O’Donnell & Tuomey Architects: Cultúrlann Uí Chanáin, Derry


A crisp November morning provided the setting for 60 AAI members and interested Derry inhabitants to experience a tour of the recently completed Cultúrlann Uí Chanáin.

John Tuomey began the description on the street opposite, introducing the project’s deep landlocked siting, with narrow frontage on to an erratic terraced edge of the city’s Georgian Quarter; neighbouring the political presence of muralled Bogside gables and a short distance from the hard medieval walled edge of the city centre.

The narrative of the building unwound as we wrapped around the rooflit, terrazzo-floored courtyard and the pockets of communal spaces that overlook it. We were drawn through streetscape meeting rooms and language classrooms, as well and oriental strand board lined theatre to the rear. We were told of the complexities of the site; the difficult task of creating an open functioning, tectonic sequence of spaces while accommodating the inflexible constraints of a deep emergency escape, an electrical substation and numerous planning requirements. The journey culminated under the sawtooth roof light that gives views to the landscape backdrop of the city and edits the middle ground of suburban housing; here was recalled the tale of untimely death of the primary craftsman during the course of the construction.
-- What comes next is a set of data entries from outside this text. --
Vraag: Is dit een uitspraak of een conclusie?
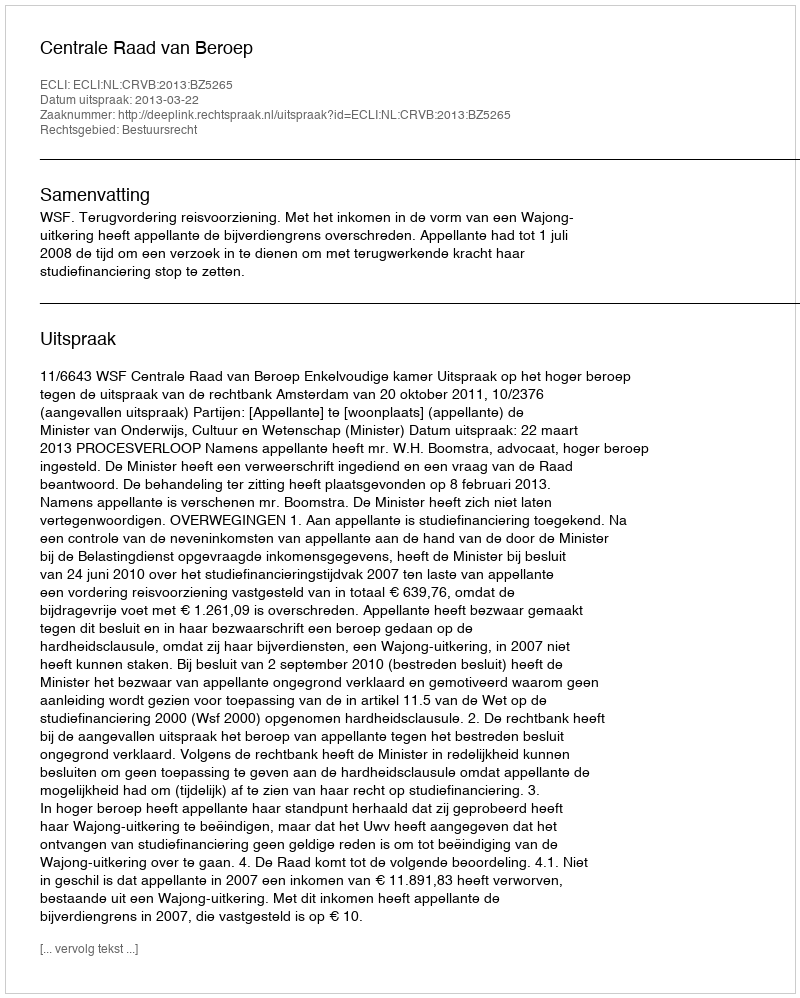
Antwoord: Uitspraak
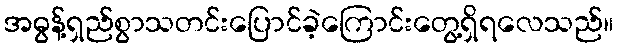
အဓွန့်ရှည်စွာသတင်းပြောင်ခဲ့ကြောင်းတွေ့ရှိရလေသည်။
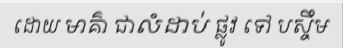
ដោយ មាគ៌ា ជាលំដាប់ ផ្លូវ ទៅ បស្ចឹម
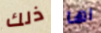
ذلك اها
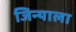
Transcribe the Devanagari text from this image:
जिन्याला
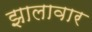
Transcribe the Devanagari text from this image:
झालावार
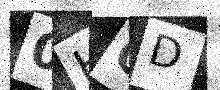
Text: 0HCD
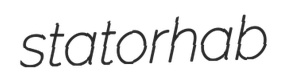
statorhab
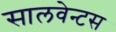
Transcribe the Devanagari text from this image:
सालवेन्टस
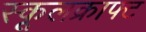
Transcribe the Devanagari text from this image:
स्कूलक्राफ्ट
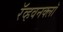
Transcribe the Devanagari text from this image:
रॅव्हवनक्लॉ
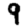
Digit: 9
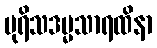
ပုရိသဒမ္မသာရထိနာ
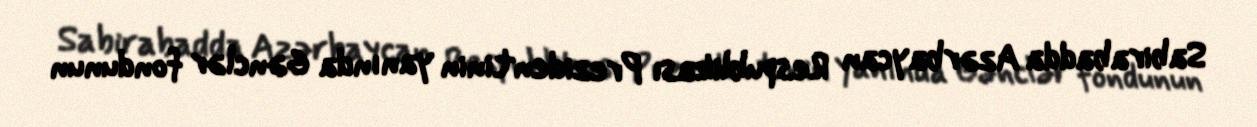
Sabirabadda Azərbaycan Respublikası Prezidentinin yanında Gənclər fondunun
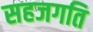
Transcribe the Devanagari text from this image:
सहजगति
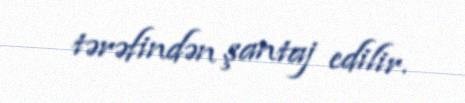
tərəfindən şantaj edilir.
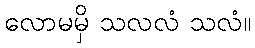
လောမမှိ သလလံ သလံ။
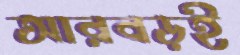
আরবড়ই
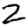
Digit: 2
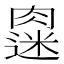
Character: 𫆭
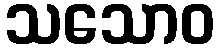
သသောဝ
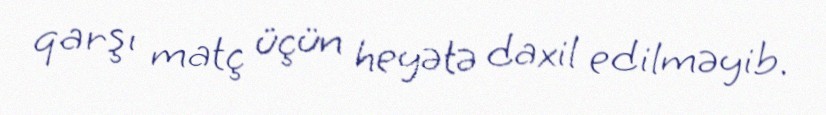
qarşı matç üçün heyətə daxil edilməyib.
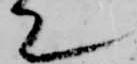
て
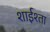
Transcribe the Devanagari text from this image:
शाईश्ता
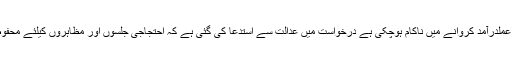
ایسا لگتا ہے کہ حکومت اپنی پابندی پر عملدرآمد کروانے میں ناکام ہوچکی ہے درخواست میں عدالت سے استدعا کی گئی ہے کہ احتجاجی جلسوں اور مظاہروں کیلئے محفوظ جگہ مختص کرنے کا حکم دیا جائے۔
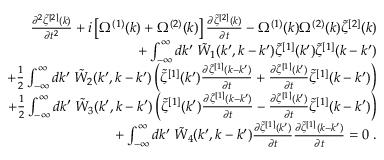
\begin{array} { r l r } & { } & { \frac { \partial ^ { 2 } \tilde { \zeta } ^ { [ 2 ] } ( k ) } { \partial t ^ { 2 } } + i \left[ \Omega ^ { ( 1 ) } ( k ) + \Omega ^ { ( 2 ) } ( k ) \right] \frac { \partial \tilde { \zeta } ^ { [ 2 ] } ( k ) } { \partial t } - \Omega ^ { ( 1 ) } ( k ) \Omega ^ { ( 2 ) } ( k ) \tilde { \zeta } ^ { [ 2 ] } ( k ) } \\ & { } & { + \int _ { - \infty } ^ { \infty } d k ^ { \prime } \; \tilde { W } _ { 1 } ( k ^ { \prime } , k - k ^ { \prime } ) \tilde { \zeta } ^ { [ 1 ] } ( k ^ { \prime } ) \tilde { \zeta } ^ { [ 1 ] } ( k - k ^ { \prime } ) } \\ & { } & { + \frac { 1 } { 2 } \int _ { - \infty } ^ { \infty } d k ^ { \prime } \; \tilde { W } _ { 2 } ( k ^ { \prime } , k - k ^ { \prime } ) \left( \tilde { \zeta } ^ { [ 1 ] } ( k ^ { \prime } ) \frac { \partial \tilde { \zeta } ^ { [ 1 ] } ( k - k ^ { \prime } ) } { \partial t } + \frac { \partial \tilde { \zeta } ^ { [ 1 ] } ( k ^ { \prime } ) } { \partial t } \tilde { \zeta } ^ { [ 1 ] } ( k - k ^ { \prime } ) \right) } \\ & { } & { + \frac { 1 } { 2 } \int _ { - \infty } ^ { \infty } d k ^ { \prime } \; \tilde { W } _ { 3 } ( k ^ { \prime } , k - k ^ { \prime } ) \left( \tilde { \zeta } ^ { [ 1 ] } ( k ^ { \prime } ) \frac { \partial \tilde { \zeta } ^ { [ 1 ] } ( k - k ^ { \prime } ) } { \partial t } - \frac { \partial \tilde { \zeta } ^ { [ 1 ] } ( k ^ { \prime } ) } { \partial t } \tilde { \zeta } ^ { [ 1 ] } ( k - k ^ { \prime } ) \right) } \\ & { } & { + \int _ { - \infty } ^ { \infty } d k ^ { \prime } \; \tilde { W } _ { 4 } ( k ^ { \prime } , k - k ^ { \prime } ) \frac { \partial \tilde { \zeta } ^ { [ 1 ] } ( k ^ { \prime } ) } { \partial t } \frac { \partial \tilde { \zeta } ^ { [ 1 ] } ( k - k ^ { \prime } ) } { \partial t } = 0 \; . } \end{array}
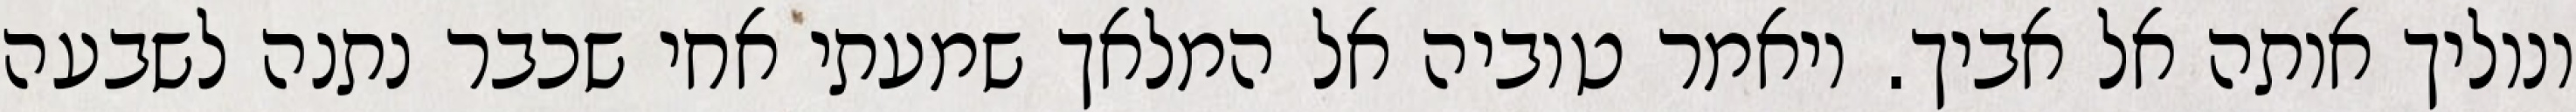
ונוליך אותה אל אביך. ויאמר טוביה אל המלאך שמעתי אחי שכבר נתנה לשבעה
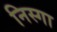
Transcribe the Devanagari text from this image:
निस्गा
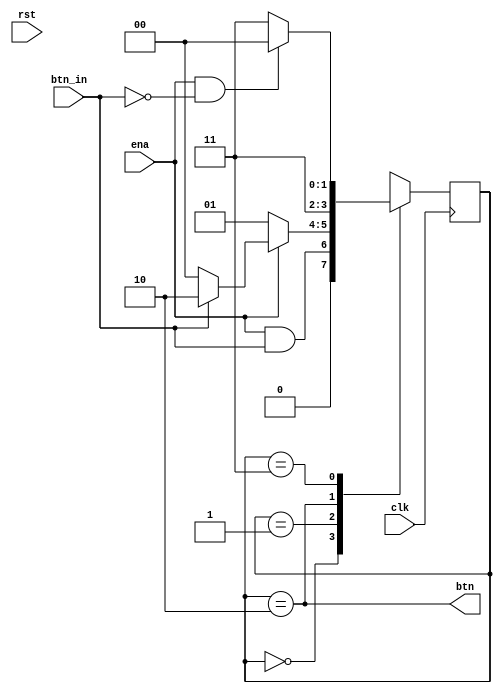
`timescale 1ns / 1ps
//////////////////////////////////////////////////////////////////////////////////
// Company: 
// Engineer: 
// 
// Design Name: 
// Module Name: btn_dbc
// Project Name: 
// Target Devices: 
// Tool Versions: 
// Description: 
// 
// Dependencies: 
// 
// Revision:
// Revision 0.01 - File Created
// Additional Comments:
// 
//////////////////////////////////////////////////////////////////////////////////


module btn_dbc(
input clk,
input btn_in,
input rst,
input ena,
output btn
    );
    reg [1:0] debounce;
    
    always @ (posedge clk) begin
        if (rst) begin
            debounce <= 0;
        end
        begin
            case (debounce)
                0: debounce <= ena && btn_in;
                1: debounce <= ~ena ? 1 : (btn_in ? 2:0);
                2: debounce <= 3;
                3: debounce <= (ena &&~btn_in) ? 0:3;
                default: debounce <= 0;
            endcase
        end
    end
    assign btn = debounce == 2;
    
endmodule
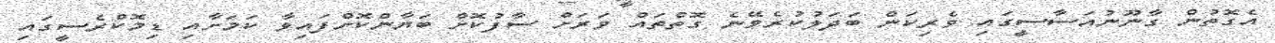
އެގޮތުން ގާނޫނުއަސާސީގައި ވެރިކަން ބަދަލުކުރެވޭނެ ގޮތްތައް ވަރަށް ސާފުކޮށް ބަޔާންކޮށްފައިވާ ކަމަށާއި ޑިމޮކްރެސީގައި
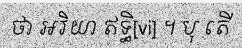
ថា អរិយា ឥទ្ធិ[vi] ។ បុ តើ
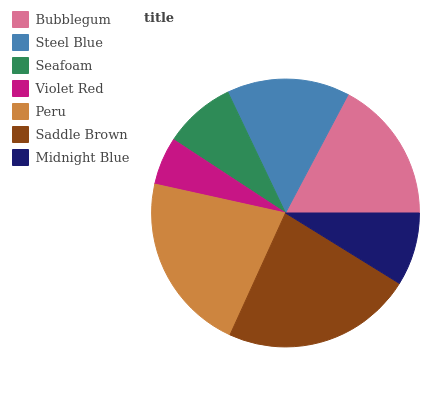
| Bubblegum | Steel Blue | Seafoam | Violet Red | Peru | Saddle Brown | Midnight Blue |
 | --- | --- | --- | --- | --- | --- | --- |
 | 17.2% | 14.9% | 8.69% | 5.79% | 21.7% | 23% | 8.83% |
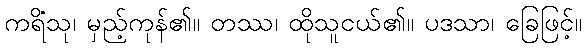
ကရိံသု၊ မှည့်ကုန်၏။ တဿ၊ ထိုသူငယ်၏။ ပဒသာ၊ ခြေဖြင့်။
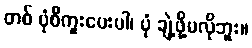
တစ် ပုံစီကူးပေးပါ၊ ပုံ ချဲ့ဖို့မလိုဘူး။
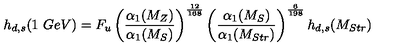
h _ { d , s } ( 1 \ G e V ) = F _ { u } \left( \frac { \alpha _ { 1 } ( M _ { Z } ) } { \alpha _ { 1 } ( M _ { S } ) } \right) ^ { \frac { 1 2 } { 1 6 8 } } \left( \frac { \alpha _ { 1 } ( M _ { S } ) } { \alpha _ { 1 } ( M _ { S t r } ) } \right) ^ { \frac { 6 } { 1 9 8 } } h _ { d , s } ( M _ { S t r } )
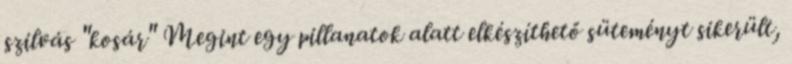
szilvás "kosár" Megint egy pillanatok alatt elkészíthető süteményt sikerült,
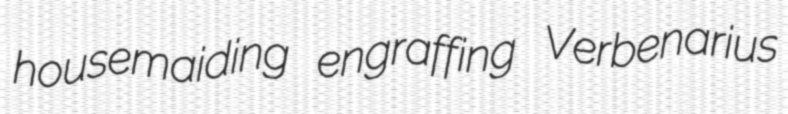
housemaiding engraffing Verbenarius
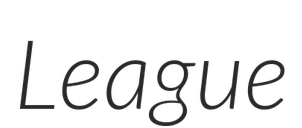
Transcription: League
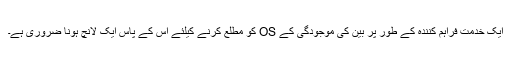
ایک خدمت فراہم کنندہ کے طور پر بین کی موجودگی کے OS کو مطلع کرنے کیلئے اس کے پاس ایک لانچ ہونا ضروری ہے۔
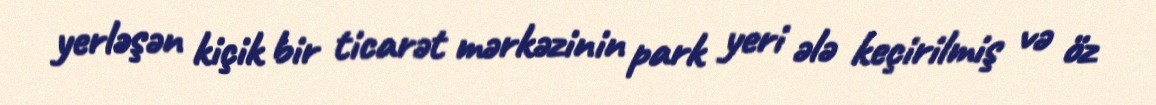
yerləşən kiçik bir ticarət mərkəzinin park yeri ələ keçirilmiş və öz
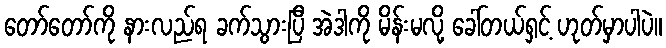
တော်တော်ကို နားလည်ရ ခက်သွားပြီ အဲဒါကို မိန်းမလို့ ခေါ်တယ်ရှင့် ဟုတ်မှာပါပဲ။
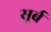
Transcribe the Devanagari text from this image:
सूर्ब
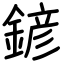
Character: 𨩱
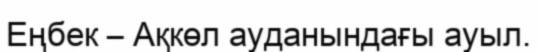
Еңбек – Ақкөл ауданындағы ауыл.
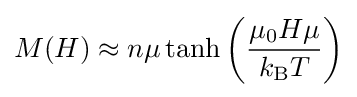
M(H)\approx n\mu \tanh \left({\frac {\mu _{0}H\mu }{k_{\text{B}}T}}\right)
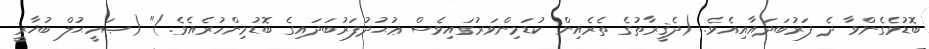
ބޮޑުވެގެންވާ ދެ ފަރުބަދައާއިއެވެ. (ދެޤީރާތުގެ ތެރެއިން ކުޑަމިންވަރުގައިވެސް ޢުޙުދުފަރުބަދައިގެ ބޮޑުމިންހުރެއެވެ.)" (ޞަހީޙުލް ބުޚާރީ
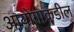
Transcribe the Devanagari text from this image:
आयोगाकडील
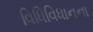
વિધિવિધાનના
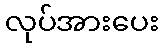
လုပ်အားပေး
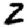
Digit: 2
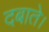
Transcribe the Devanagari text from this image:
दबाते।
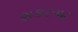
શકરગઢ
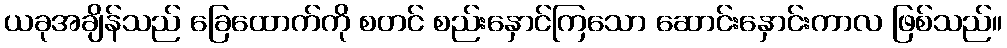
ယခုအချိန်သည် ခြေထောက်ကို စတင် စည်းနှောင်ကြသော ဆောင်းနှောင်းကာလ ဖြစ်သည်။
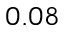
0 . 0 8
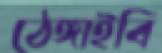
ঠেঙ্গাইবি

The project was commissioned by An Gaeláras; a cultural ogranisation committed to the promotion of the Irish culture and language. In keeping with this function, its occupants address you and converse with ease in an increasingly invigorated language of our past. Analogously, the building speaks in a former constructional language of this island; the bare, carved massitivity of the medieval tower house. The project makes manifest a vibrant, contemporary expression of both of these linguistic concerns by virtue of its playful ‘jack in the box’ geometry and use of colour; as well as the immensely open generosity of its civic gesture.

Thank you to John Tuomey for his generosity of description in a fascinating tour, to Anne-Louise Duignan for helping organise the event and providing drawings, and to all those who traveled from near and far to attend the event.